Accurate and trustworthy epidemic forecasting is an important problem for public health planning and disease mitigation. Most existing epidemic forecasting models disregard uncertainty quantification, resulting in mis-calibrated predictions. Recent works in deep neural models for uncertainty-aware time-series forecasting also have several limitations; e.g., it is difficult to specify proper priors in Bayesian NNs, while methods like deep ensembling can be computationally expensive. In [1], we propose to use neural functional processes to fill this gap. We model epidemic time-series with a probabilistic generative process and propose a functional neural process model called EpiFNP, which directly models the probability distribution of the forecast value in a non-parametric way. In EpiFNP, we use a dynamic stochastic correlation graph to model the correlations between sequences, and design different stochastic latent variables to capture functional uncertainty from different perspectives. Our experiments in a real-time flu forecasting setting show that EpiFNP significantly outperforms state-of-the-art models in both accuracy and calibration metrics, up to 2.5x in accuracy and 2.4x in calibration. Additionally, as EpiFNP learns the relations between the current season and similar patterns of historical seasons, it enables interpretable forecasts. Beyond epidemic forecasting, EpiFNP can be of independent interest for advancing uncertainty quantification in deep sequential models for predictive analytics.

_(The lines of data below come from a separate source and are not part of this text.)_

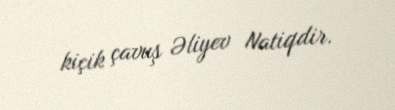
kiçik çavuş Əliyev Natiqdir.
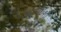
કાવાઇશી
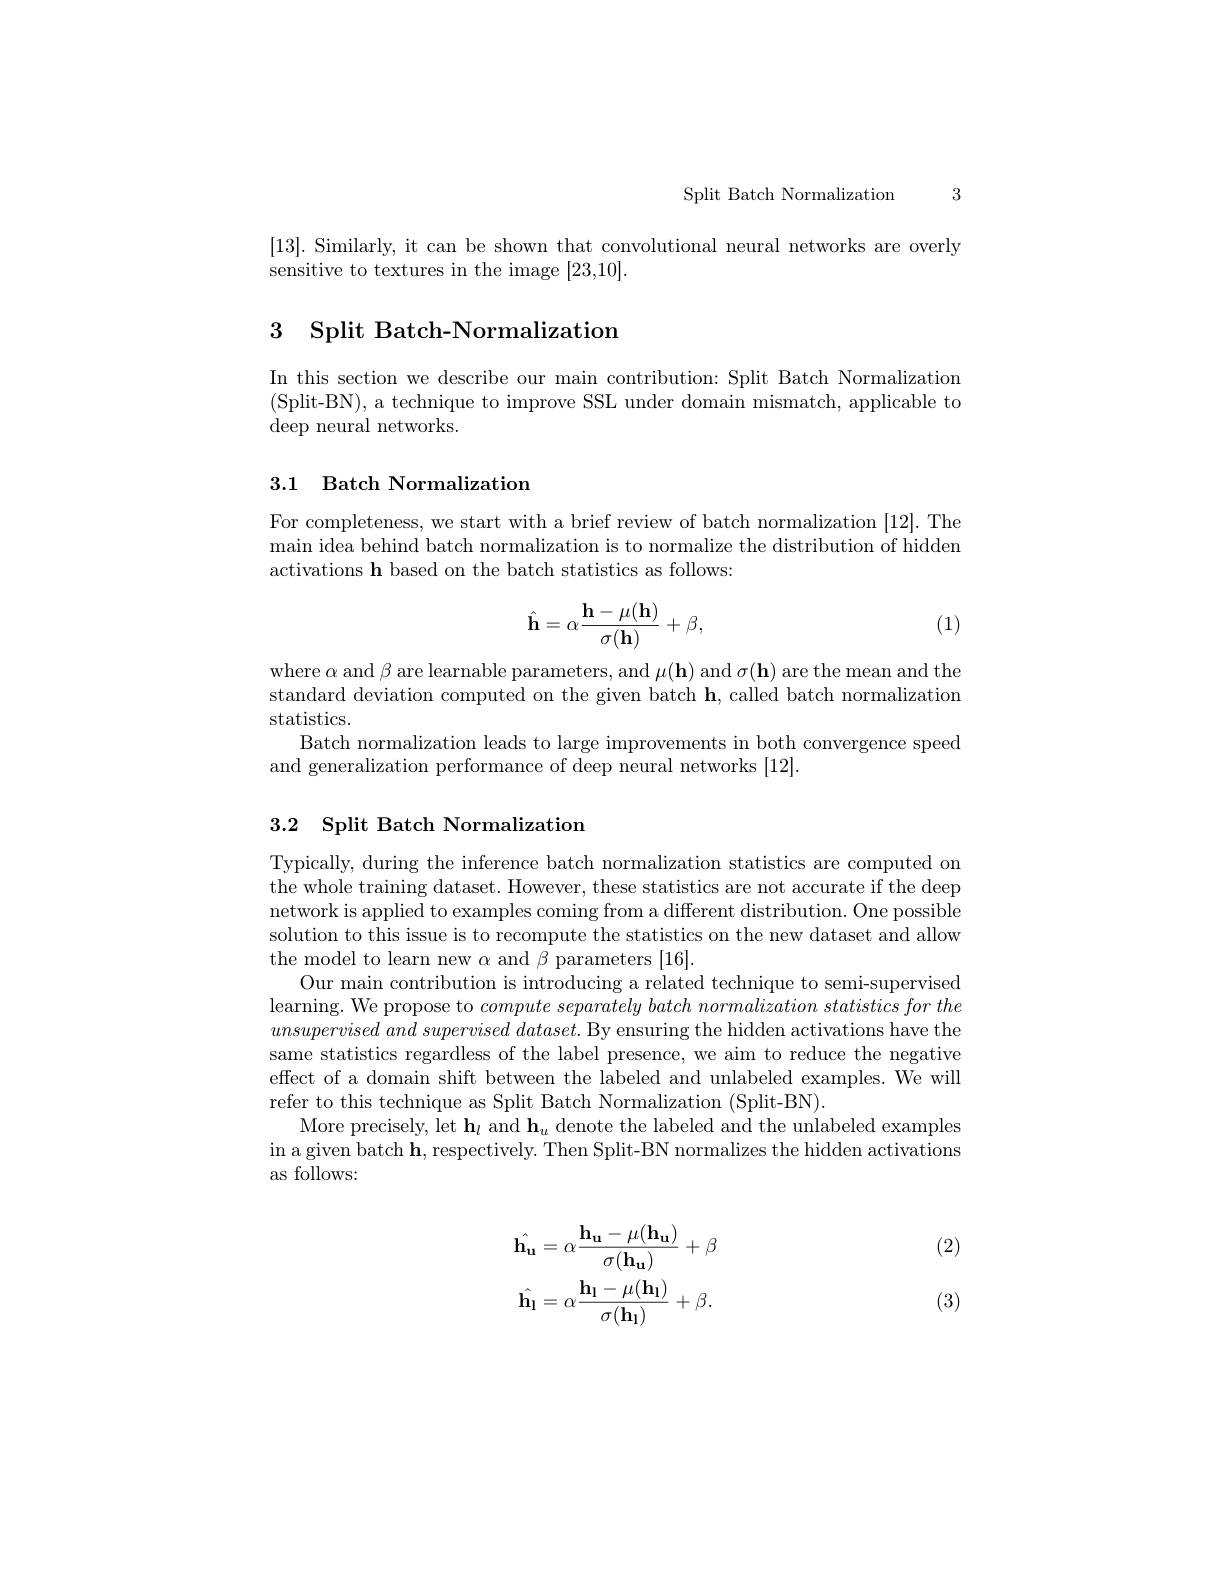
Split Batch Normalization 3

[13]. Similarly, it can be shown that convolutional neural networks are overly
sensitive to textures in the image [23,10].

## 3 Split Batch-Normalization

In this section we describe our main contribution: Split Batch Normalization (Split-BN), a technique to improve SSL under domain mismatch, applicable to $\operatorname{deep}$ neural networks.

## 3.1 Batch Normalization

For completeness, we start with a brief review of batch normalization [12]. The main idea behind batch normalization is to normalize the distribution of hidden activations h based on the batch statistics as follows:
$$\hat{\mathbf{h}}=\alpha\frac{\mathbf{h}-\mu(\mathbf{h})}{\sigma(\mathbf{h})}+\beta,$$
(1)

where $\alpha$ and $\beta$ are learnable parameters, and $\mu(\mathbf{h})$ and $\sigma(\mathbf{h})$ are the mean and the standard deviation computed on the given batch $\mathbf{h}$, called batch normalization statistics.

Batch normalization leads to large improvements in both convergence speed
and generalization performance of deep neural networks [12].

# 3.2 Split Batch Normalization

Typically, during the inference batch normalization statistics are computed on the whole training dataset. However, these statistics are not accurate if the deep network is applied to examples coming from a different distribution. One possible solution to this issue is to recompute the statistics on the new dataset and allow the model to learn new $\alpha$ and $\beta$ parameters [16].
Our main contribution is introducing a related technique to semi-supervised learning. We propose to $compute\textit{ separately batch normalization statistics for the}$ $unsupervisedand\textit{ supervised dataset. By ensuring the hidden activations have the}$ same statistics regardless of the label presence, we aim to reduce the negative effect of a domain shift between the labeled and unlabeled examples. We will refer to this technique as Split Batch Normalization (Split-BN).
More precisely, let $\mathbf{h}_{l}$ and $\mathbf{h}_u$ denote the labeled and the unlabeled examples in a given batch $\mathbf{h}$,respectively. Then Split-BN normalizes the hidden activations as follows:

(2)
$$\begin{aligned}\hat{\mathbf{h_u}}&=\alpha\frac{\mathbf{h_u}-\mu(\mathbf{h_u})}{\sigma(\mathbf{h_u})}+\beta\\\hat{\mathbf{h_l}}&=\alpha\frac{\mathbf{h_l}-\mu(\mathbf{h_l})}{\sigma(\mathbf{h_l})}+\beta.\end{aligned}$$
(3)
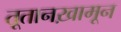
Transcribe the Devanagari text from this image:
तूतानख़ामून
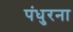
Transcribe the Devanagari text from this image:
पंधुरना
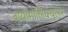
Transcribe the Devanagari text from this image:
बायोमालिक्युलर
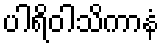
ပါရိဝါသိကာနံ
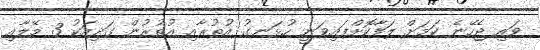
ވައި ޖެހޭނެ ކަމަށް ލަފާކޮށްފައިވަނީ ހުޅަނގު އުތުރާއި އުތުރުން ގަދިއަކު 3 މޭލާއި
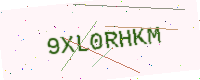
Text: 9XL0RHKM
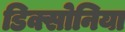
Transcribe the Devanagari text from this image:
डिक्सोनिया
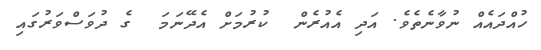
ހުއްދައެއް ނުވާނެތެވެ. އަދި އެއުރެން  ކުރުމަށް އެދޭނަމަ  ގެ ދުވަސްވަރުގައި
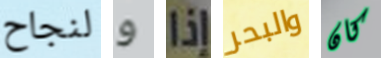
لنجاح و إذا والبحر كان
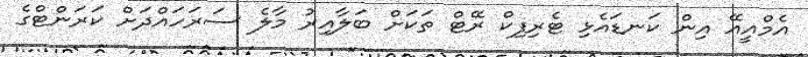
އެމްއީއޭ އިން ކަނޑައެޅި ޓެރިފިކް ރޭޓް ތަކަށް ބަލާއިރު މާލެ ސަރަހައްދަށް ކަރަންޓްގެ
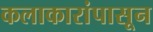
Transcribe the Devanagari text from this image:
कलाकारांपासून
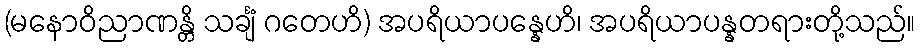
(မနောဝိညာဏန္တိ သင်္ချံ ဂတေဟိ) အပရိယာပန္နေဟိ၊ အပရိယာပန္နတရားတို့သည်။
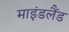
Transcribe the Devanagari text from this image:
माइंडलैंड
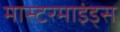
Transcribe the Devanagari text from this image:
मास्टरमाइंड्स
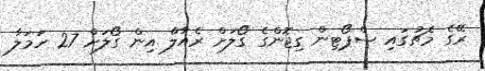
ރޭގެ މެޗުގައި ސްޕޯޓިން ގިޖޮންގެ ގޯލަށް ރެއާލް އިން ގޯލަށް 27 ހަމަލާ
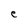
Character: e
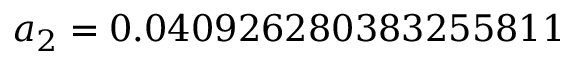
a _ { 2 } = 0 . 0 4 0 9 2 6 2 8 0 3 8 3 2 5 5 8 1 1
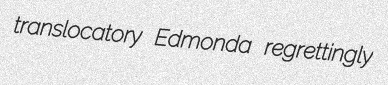
translocatory Edmonda regrettingly
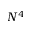
N ^ { 4 }
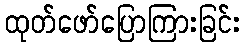
ထုတ်ဖော်ပြောကြားခြင်း
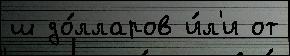
ш до́лларов и́л'и от
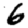
Digit: 6
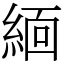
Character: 𬗟
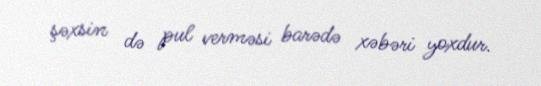
şəxsin də pul verməsi barədə xəbəri yoxdur.
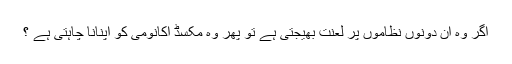
اگر وہ ان دونوں نظاموں پر لعنت بھیجتی ہے تو پھر وہ مکسڈ اکانومی کو اپنانا چاہتی ہے ؟
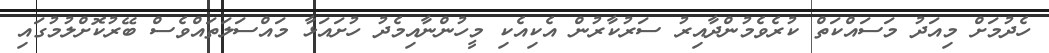
ހެދުމަށް މިއަދު މަސައްކަތް ކުރެވެމުންދާއިރު ސަރުކާރުން އެކިއެކި މީހުންނާއިމެދު ހުށައަޅާ މައްސަލަތައްވެސް ބޭރުކޮށްލުމުގައި
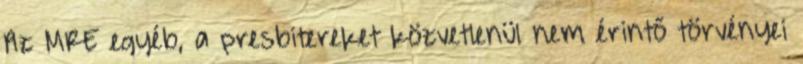
Az MRE egyéb, a presbitereket közvetlenül nem érintő törvényei
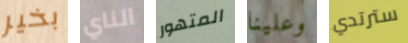
بخير الناي المتهور وعلينا سترتدي
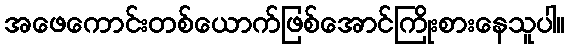
အဖေကောင်းတစ်ယောက်ဖြစ်အောင်ကြိုးစားနေသူပါ။
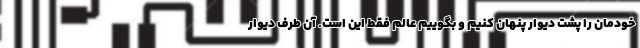
خودمان را پشت دیوار پنهان کنیم و بگوییم عالم فقط این است. آن طرف دیوار
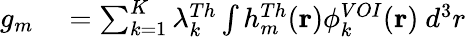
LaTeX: \begin{array}{rl}{g_{m}}&{{}=\sum_{k=1}^{K}\lambda_{k}^{Th}\int h_{m}^{Th}(\mathbf{r})\phi_{k}^{VOI}(\mathbf{r})~d^{3}r}\end{array}
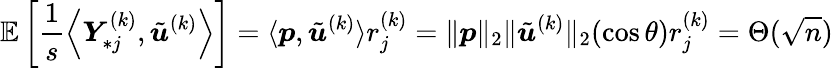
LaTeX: \mathbb{E}\left[\frac{1}{s}\left\langle{\boldsymbol Y}_{*j}^{(k)},\tilde{{\boldsymbol u}}^{(k)}\right\rangle\right]=\langle{\boldsymbol p},\tilde{{\boldsymbol u}}^{(k)}\rangle r_{j}^{(k)}=\| {\boldsymbol p}\| _{2}\| \tilde{{\boldsymbol u}}^{(k)}\| _{2}(\cos\theta)r_{j}^{(k)}=\Theta(\sqrt{n})
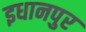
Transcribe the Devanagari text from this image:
इधानपुर
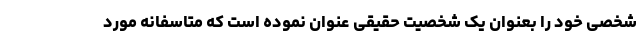
شخصی خود را بعنوان یک شخصیت حقیقی عنوان نموده است که متاسفانه مورد
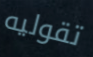
تقوليه
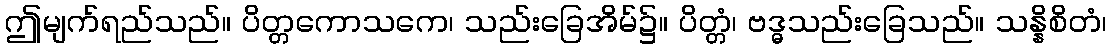
ဤမျက်ရည်သည်။ ပိတ္တကောသကေ၊ သည်းခြေအိမ်၌။ ပိတ္တံ၊ ဗဒ္ဓသည်းခြေသည်။ သန္နိစိတံ၊
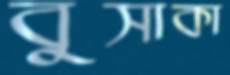
বুসাকা
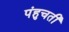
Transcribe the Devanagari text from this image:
पंहुचती
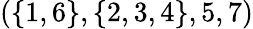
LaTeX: (\{ 1,6\} ,\{ 2,3,4\} ,5,7)
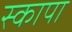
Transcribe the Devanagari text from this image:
स्कापा
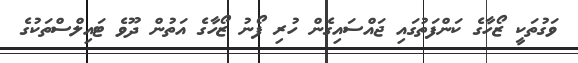
ވަގުތަކީ ޒޯހާގެ ކަންފަތުގައި ޖައްސައިގެން ހުރި ފޯނު ޒޯހާގެ އަތުން ދޫވެ ޓައިލްސްތަކުގެ
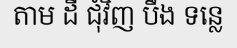
តាម ដី ជុំវិញ បឹង ទន្លេ
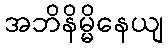
အဘိနိမ္မိနေယျ
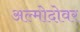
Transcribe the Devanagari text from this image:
अल्मोदोवर
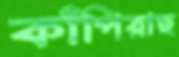
কাঁপিয়াছ
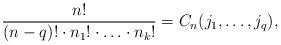
LaTeX: \begin{align*}\frac{n!}{(n-q)!\cdot n_1!\cdot\ldots\cdot n_k!}=C_{n}(j_1,\dots,j_q),\end{align*}
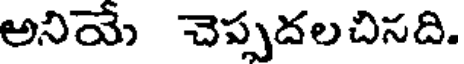
అనియే చెప్పదలచిసది.

Probabilistic time-series forecasting enables reliable decision-making across many domains. Most forecasting problems have diverse sources of data containing multiple modalities and structures. Leveraging information as well as uncertainty from these data sources for well-calibrated and accurate forecasts is an important challenging problem. Most previous work on multi-modal learning and forecasting simply aggregate intermediate representations from each data view by simple methods of summation or concatenation and does not explicitly model uncertainty for each data-view. In [2], we proposed a general probabilistic multi-view forecasting framework, CAMul, that can learn representations and uncertainty from diverse data sources. It integrates the knowledge and uncertainty from each data view in a dynamic context-specific manner assigning more importance to useful views to model a well-calibrated forecast distribution. We use CAMul for multiple domains with varied sources and modalities and show that CAMul outperforms other state-of-art probabilistic forecasting models by over 25% in accuracy and calibration.

We have worked on diverse uncertainty quantification (UQ) problems in epidemiology and related domains. In [3], we headed a collaborative effort to produce a review paper on the emulation of stochastic computer models. We are also exploring Bayesian approaches to more effectively characterize uncertainty in population reconstructions based on a variety of different data sources. We developed a Bayesian auxiliary variable model for analyzing data with both continuous and discrete outcomes from epidemiological studies, which led to the publication of [4]. As data with mixed outcomes are widely observed in epidemiological studies, we further developed a generative approach to modeling data with quantitative and qualitative responses [5]. In this research work, we propose a novel generative approach to jointly model the QQ responses by incorporating the dependency information of predictors. The proposed method is computationally efficient and provides accurate parameter estimation under a penalized likelihood framework. Moreover, because of the generative approach framework, the asymptotically theoretical results of the proposed method are established under some regularity conditions.